What fundamentally distinguishes PEG from a context-free grammar (CFG)?

Ordered Choice: e1 / e2 Instead of e1 | e2

The principal difference between PEG and CFG is the / operator in place of |. In CFG alternatives are commutative: A | B and B | A are equivalent. In PEG the / operation is ordered: the parser tries the left alternative first, and only on its failure tries the right. That delivers strict priority and removes ambiguity - but it forces grammar authors to think about order. A classic trap: A <- 'if' Expr 'then' Stmt / 'if' Expr 'then' Stmt 'else' Stmt - the parser always picks the short rule and never reaches the else branch. The fix: longer alternative first.

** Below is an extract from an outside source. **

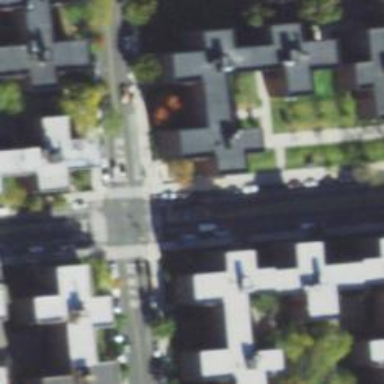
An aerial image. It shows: Footway with asphalt surface and zebra crossing.

Negative lookahead (!e) is the second key feature of PEG, absent in CFG. It allows expressing 'if X follows, do not apply this rule' without state-counting or analysis. Example: an identifier is a sequence of letters that is not a keyword: Ident <- !Keyword [a-zA-Z]+. Without negative lookahead such checks need separate post-filters. With it the grammar becomes self-contained and readable.

In a PEG grammar, the order of alternatives in e1 / e2:

Memoization: The Key to Linearity

A naive PEG parser has exponential worst-case complexity. The cause is backtracking: a grammar like A <- a A / a on failure enumerates every way to parse the same position. The remedy has been known since the 1970s: memoization. If parsing rule P at position i has already been computed (success/failure, new position, AST), a repeat call returns the cache. The number of unique (rule, position) pairs is exactly N*K for N input symbols and K rules - so the whole parse is O(N*K). With a fixed grammar this is O(N): linear in the input size.

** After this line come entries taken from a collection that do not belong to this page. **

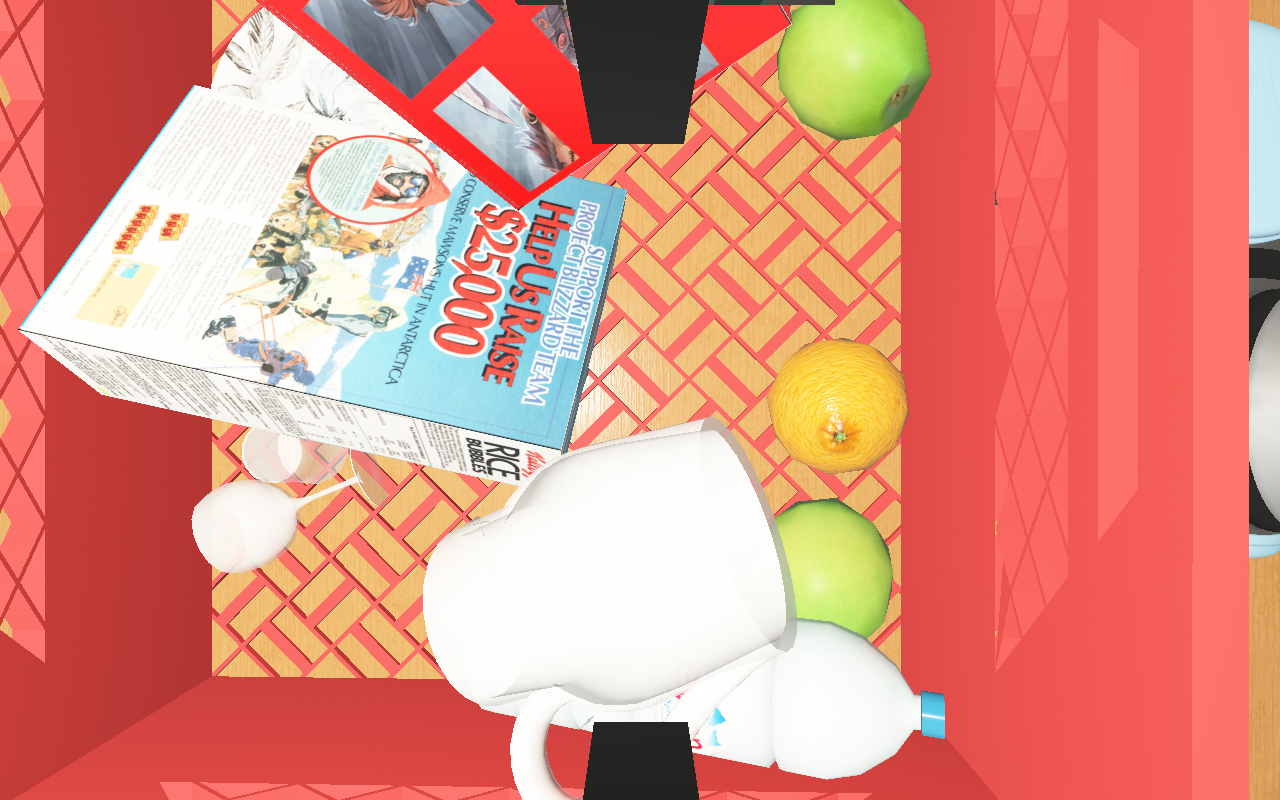
Objects in the scene:
carafe
water bottle
apple
orange
glass
wineglass
jam jar
cereal box
cereal box

Memoization spends memory: a table of size N*K. For most languages that is tolerable (thousands of rules times megabytes of text equals tens of megabytes). Real-world Packrat parsers use lazy memoization: caching is applied only to rules where backtracking is possible. ANTLR 4 and Python's PEP 617 use selective memoization - the cache exists only for potentially ambiguous rules, lowering overhead. Left recursion is not supported by classical Packrat and requires special handling (Warth et al., 2008).

Why does memoization give a PEG parser linear time in the input?

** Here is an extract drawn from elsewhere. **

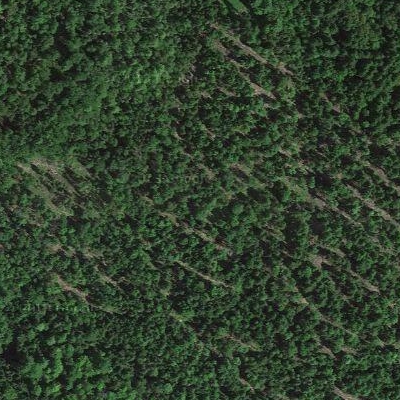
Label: eForest

The Packrat Parser: PEG + Memoization in Practice

The Packrat parser is the name Bryan Ford coined for a PEG with full memoization. Literally a 'packrat' - by analogy with the animal that stashes everything it finds in its burrow. In practice a Packrat parser is a set of mutually recursive functions (one per rule), each wrapped in memo. It builds an AST in linear time, guarantees the absence of ambiguity, and is easily extended with new rules. Drawbacks: higher memory consumption and poor handling of left recursion (the grammar A <- A '+' B / B loops forever without special support).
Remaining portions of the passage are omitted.